_BRIEF_: Please copy each line of the records below that holds the word "Edwards".

_GIVEN RECORDS_:
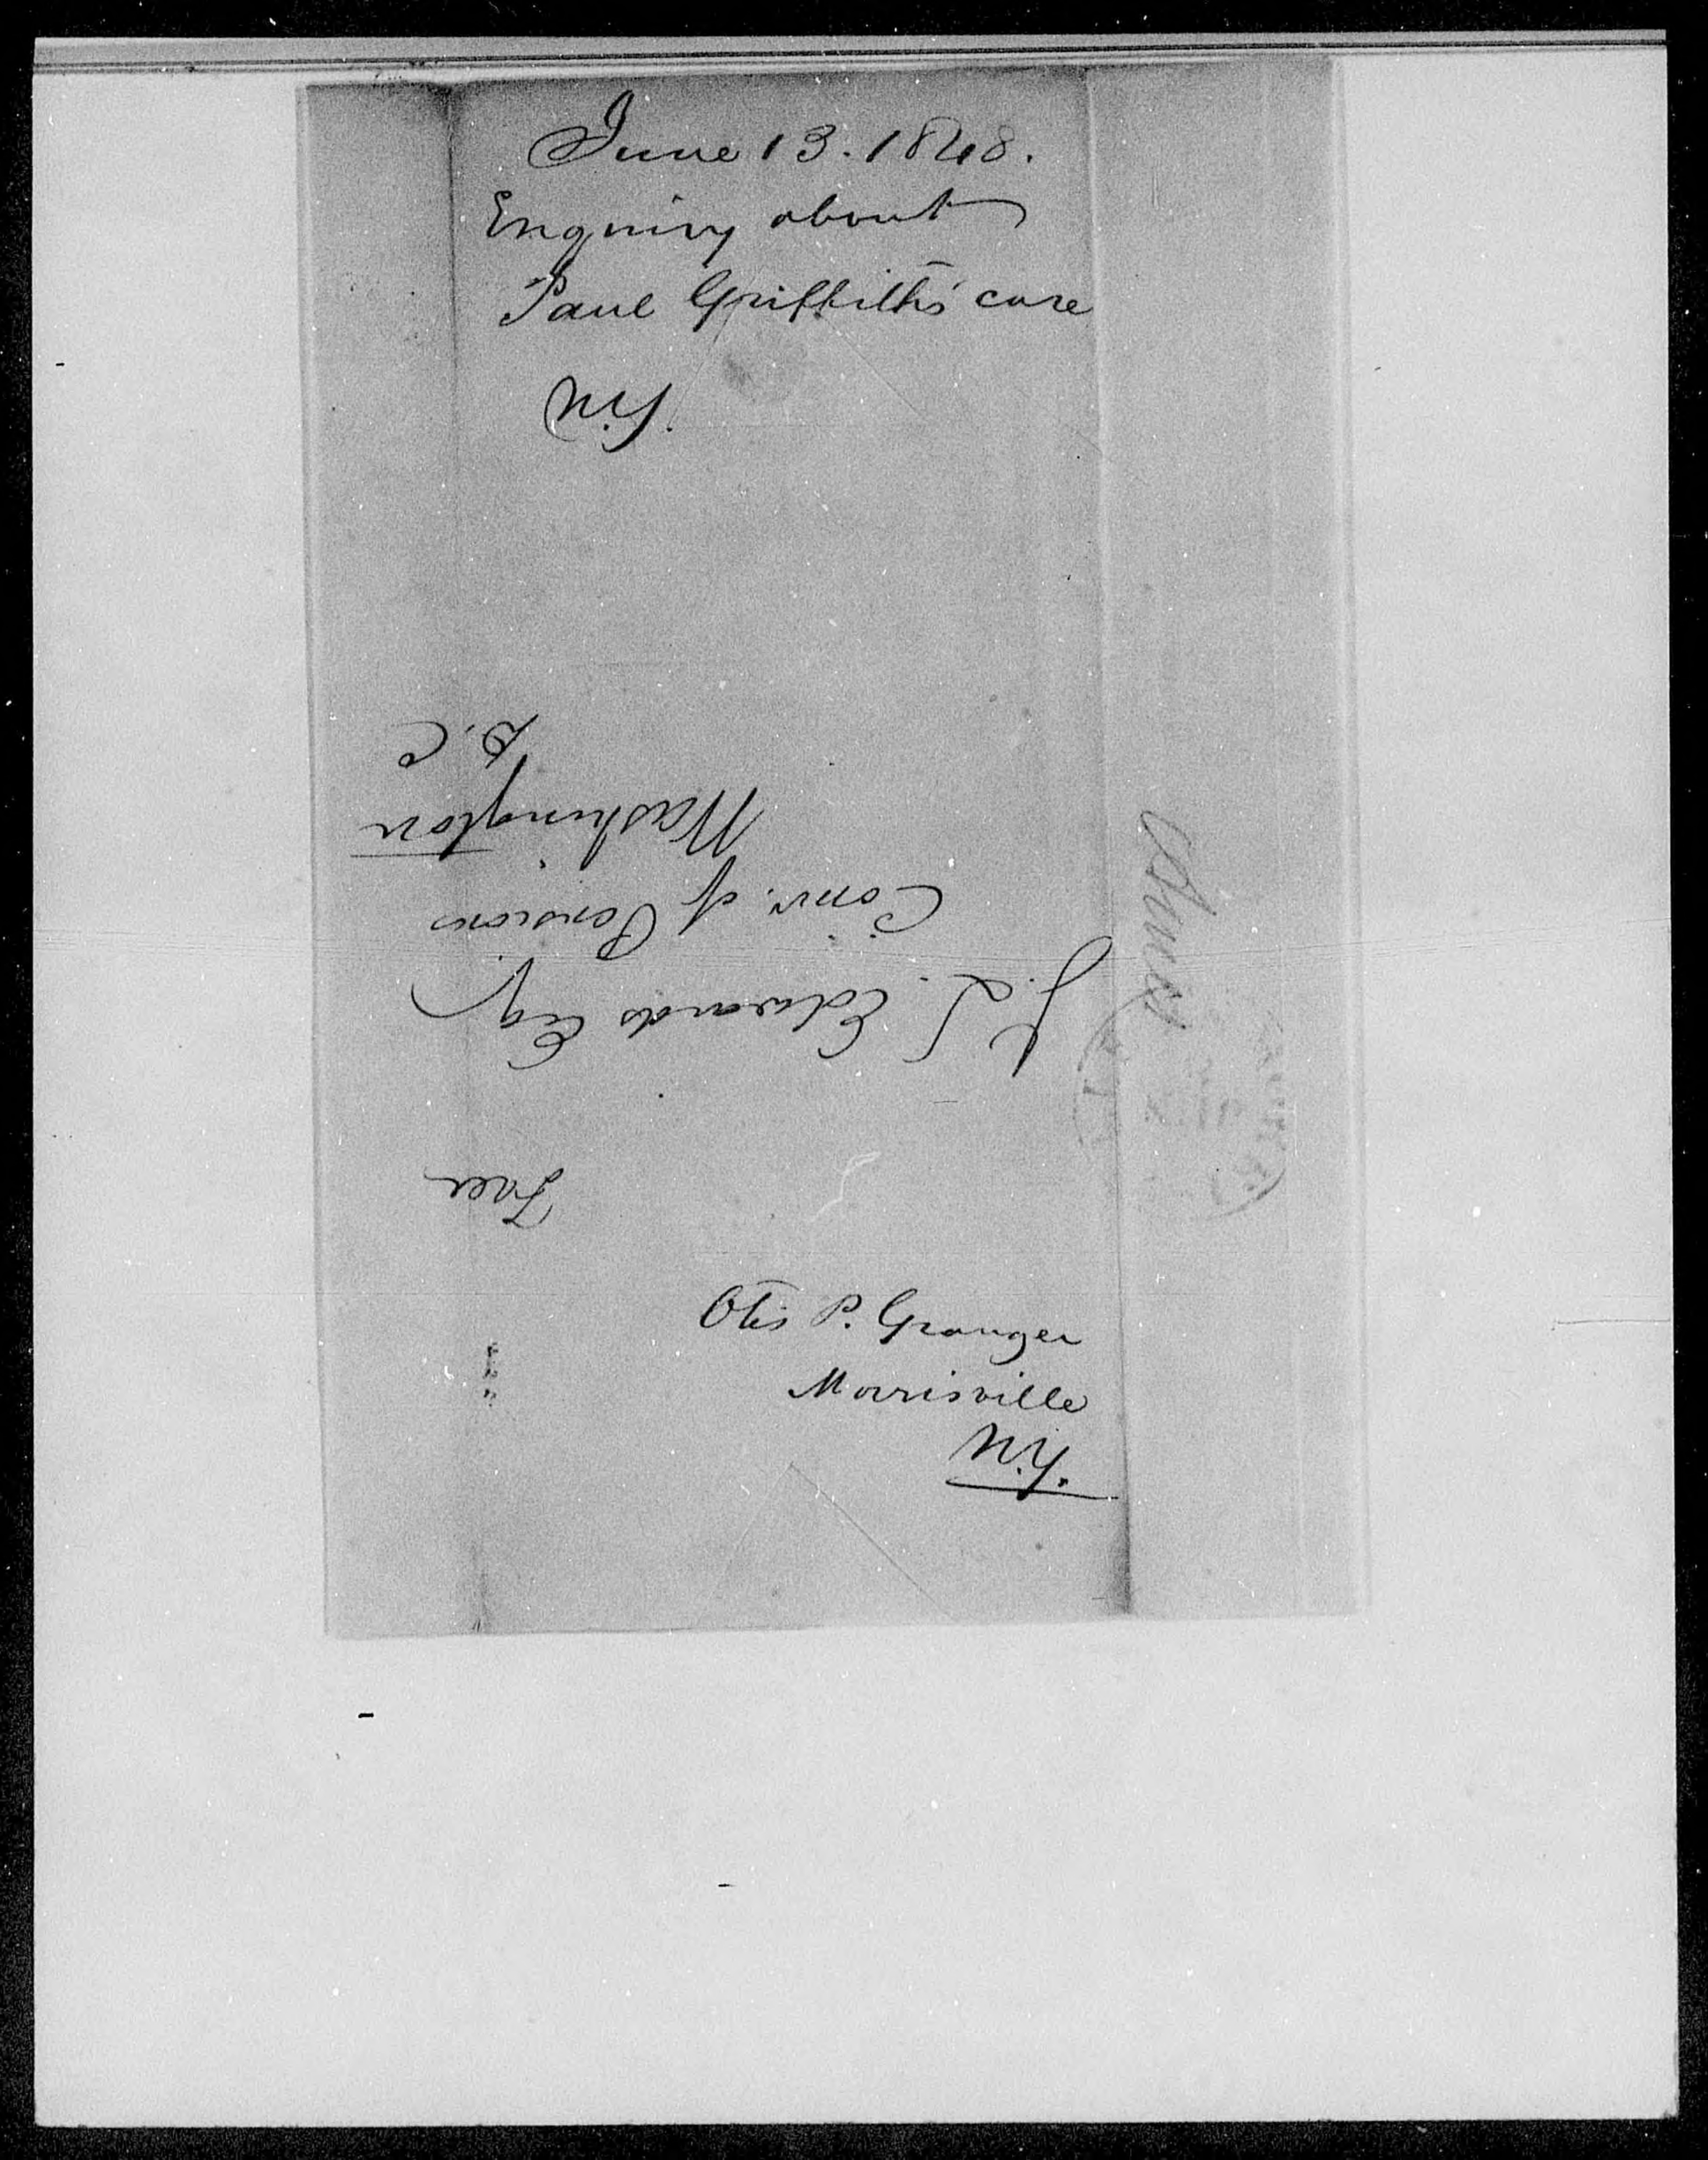June 13, 1848
Enquiry about
Paul Griffith's case
N. Y.
Otis P. Granger
Morrisville
N. Y.
Free
J. L. Edwards Esq.
Com. of Pensions
Washington D. C.
[stamp]
MORRISVILLE N. Y.
JUN

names: Paul Griffiths, Otis P Granger, J L Edwards, Ames
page: 44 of 61
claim: survivor's
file: S. 22798, Paul Griffiths, R.I.

_WRITTEN ANSWER_:
J. L. Edwards Esq.
names: Paul Griffiths, Otis P Granger, J L Edwards, Ames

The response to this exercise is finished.